High conviction Australian equity manager Blackmore Capital has flagged a major shift in its portfolio ahead of what CIO Marcus Bogdan suggests is a ‘V-shaped recovery’ in corporate profits over the next 12 months. Bogdan cites improving economic indicators including forward looking manufacturing PMI releases as a key reason to be more positive on the recovery as the calendar turns into 2021. He sees a ‘broad-based improvement’ in economic conditions along at the same time that new orders of product remain close to cycle highs.

In anticipation of this recovery in corporate earnings, Blackmore Capital have dropped New Zealand’s leading broadband network provider, Chorus (ASX:CNU), from their portfolio. The stock has performed strongly in 2020, it’s consistent revenue and reasonable dividend barely impacted by the pandemic. The decision wasn’t driven by a change in view on the company, but rather the. Need to find capital to fund a rotation to companies that are more ‘sensitive to a recovery in the economic cycle’.

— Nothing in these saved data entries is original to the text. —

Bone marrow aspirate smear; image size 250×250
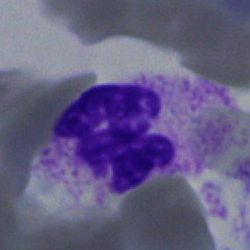Morphology consistent with a neutrophil (segmented).
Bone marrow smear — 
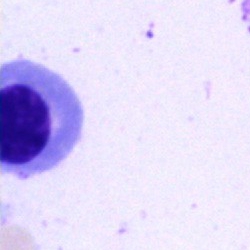

Morphology consistent with a nucleated red cell.
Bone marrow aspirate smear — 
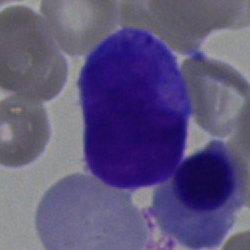

Q: Which cell type is shown here?
A: It is an undifferentiated blast.
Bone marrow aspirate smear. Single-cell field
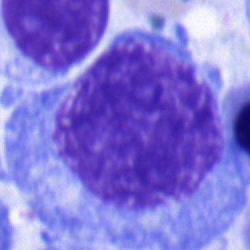 The cell type is progranulocyte.
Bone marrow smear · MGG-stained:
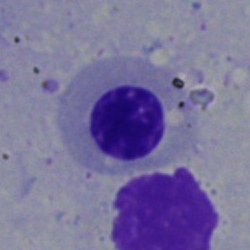{"cell_type": "nucleated red blood cell"}
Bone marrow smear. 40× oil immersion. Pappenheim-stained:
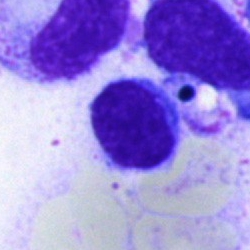
{"cell_type": "typical lymphocyte", "lineage": "lymphoid"}
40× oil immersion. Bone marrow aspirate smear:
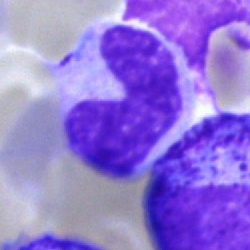 Q: What is the morphological classification of this cell?
A: It is a neutrophil (band).
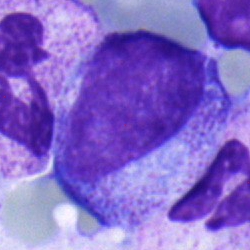
{"cell_type": "myelocyte"}
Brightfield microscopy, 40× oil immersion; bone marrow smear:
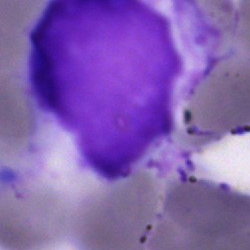
Showing an artifact.
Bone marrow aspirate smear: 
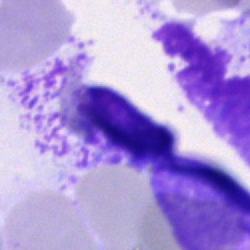
Morphology consistent with an artifact.
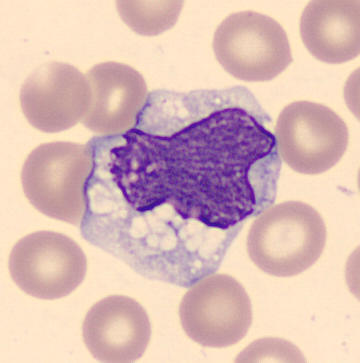

Impression → monocyte.
Image: Peripheral blood smear. Single-cell crop.
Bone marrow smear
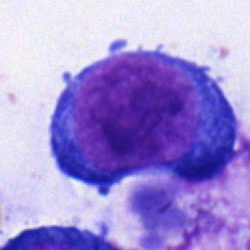

A pronormoblast.
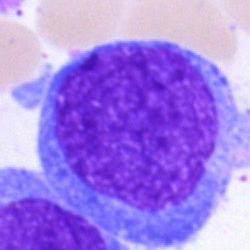

Bone marrow smear showing a blast.
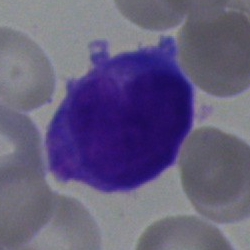
Q: Which cell type is shown here?
A: It is a blast cell.
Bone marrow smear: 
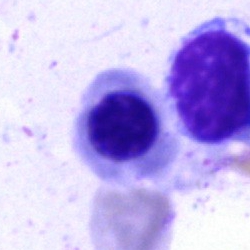

Q: What type of cell is this?
A: This is a nucleated red cell.
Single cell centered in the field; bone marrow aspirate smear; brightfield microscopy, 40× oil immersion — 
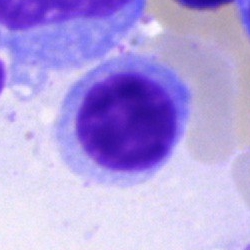
Q: Identify the cell.
A: It is a typical lymphocyte.
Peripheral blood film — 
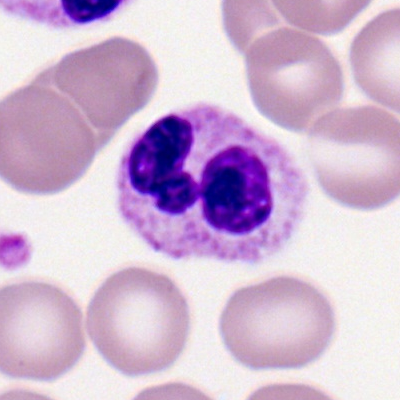 Q: What type of cell is this?
A: This is a neutrophil (segmented).
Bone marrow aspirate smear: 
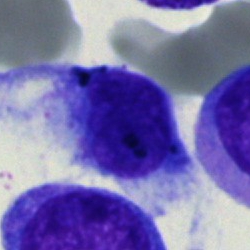Q: What is shown here?
A: This is a cell of indeterminate lineage.
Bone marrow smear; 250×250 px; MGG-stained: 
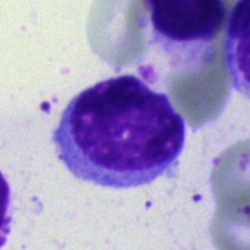

Q: What type of cell is this?
A: Typical lymphocyte.
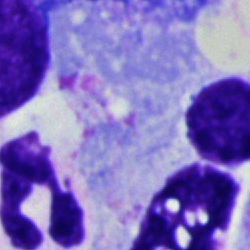

The cell shown is an artefact.
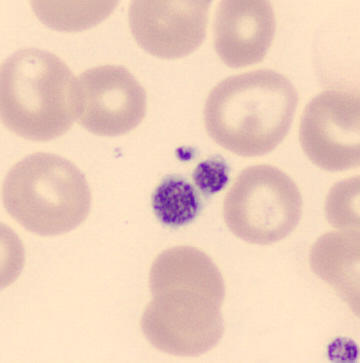 Specimen: peripheral blood smear.
Cell type: platelet (thrombocyte).
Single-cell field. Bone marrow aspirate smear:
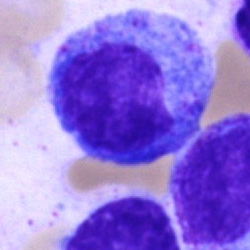
The cell shown is a progranulocyte.
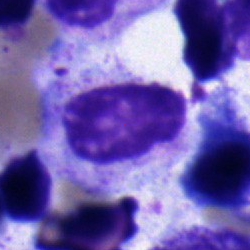 Classification: neutrophil (band).
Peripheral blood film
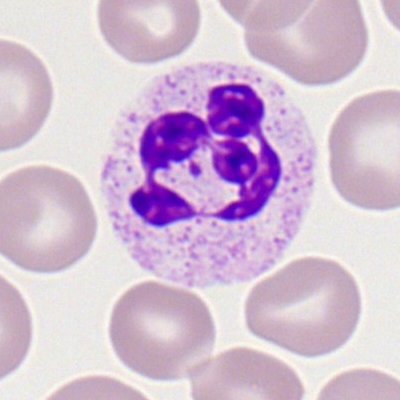
Specimen: peripheral blood film.
Cell type: neutrophil (segmented).
Lineage: myeloid.
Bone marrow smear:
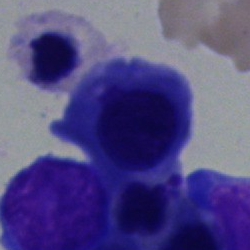
Morphological class = nucleated red cell.
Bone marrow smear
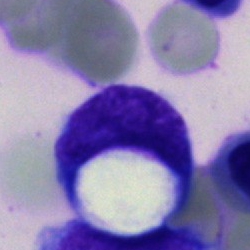Q: Identify the cell.
A: This is a blast.
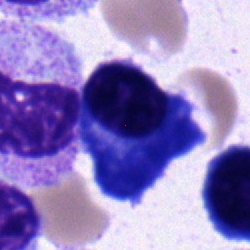 Morphological class = plasma cell.
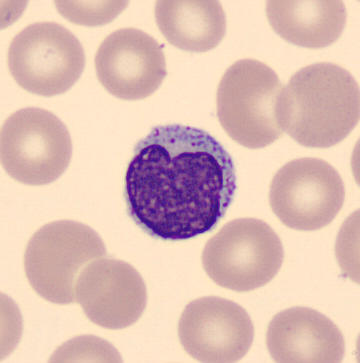

Specimen: peripheral blood film.
Cell: typical lymphocyte.
Lineage: lymphoid.
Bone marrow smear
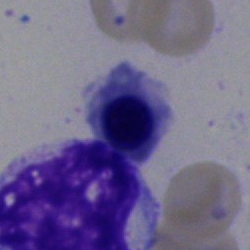
Specimen: bone marrow smear.
Classification: nucleated red cell.
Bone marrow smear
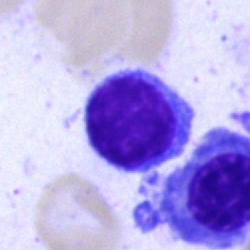 The cell shown is a lymphocyte.
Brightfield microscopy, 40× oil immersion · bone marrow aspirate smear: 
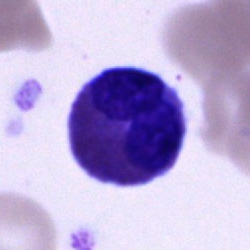 Cell type: eosinophil.
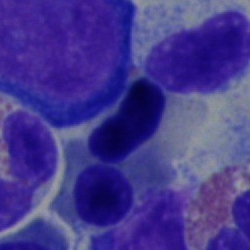Impression → nucleated red cell.
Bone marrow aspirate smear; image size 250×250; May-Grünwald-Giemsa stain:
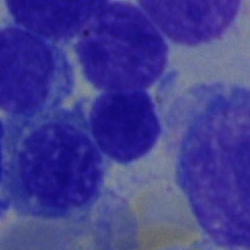 The cell shown is an erythroblast.
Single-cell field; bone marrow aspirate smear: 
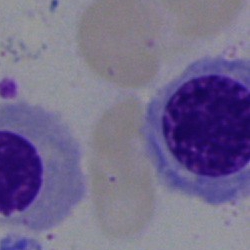

The cell shown is a normoblast.

The proceeds will be used to add a basket of cyclical/value stocks, several of which are already within the portfolio, but according to management warrant a larger weighting. Oil and gas producer Santos Ltd (ASX:STO) has already added to gains, experiencing a strong start to 2020 on the back of recent announcements by OPEC+ regarding supply cuts which sent the oil price to an 11-month high.

Vertically integrated logistics provider and port operator, Qube Holdings (ASX:QUB) was another addition. The company which owns a number of logistics hubs along with the Patrick Terminals and Asciano businesses has navigated the pandemic in reasonable shape thanks to booming commodity exports. Blackmore clearly expect consumer good and agricultural exports to recover along with the Australian economy.

Blackmore’s commitment to ‘patient’ investing, through which they seek to invest in businesses displaying consistency of earnings and strong balance sheets are reflected in the decision to top up allocation to biotech CSL Ltd (ASX:CSL) which has stagnated amid the cyclical/value recovery. With both funds restricted to holding between 20 and 40 individual companies and individual stocks able to move as high as 10-12% of the portfolio, quality has never been more important.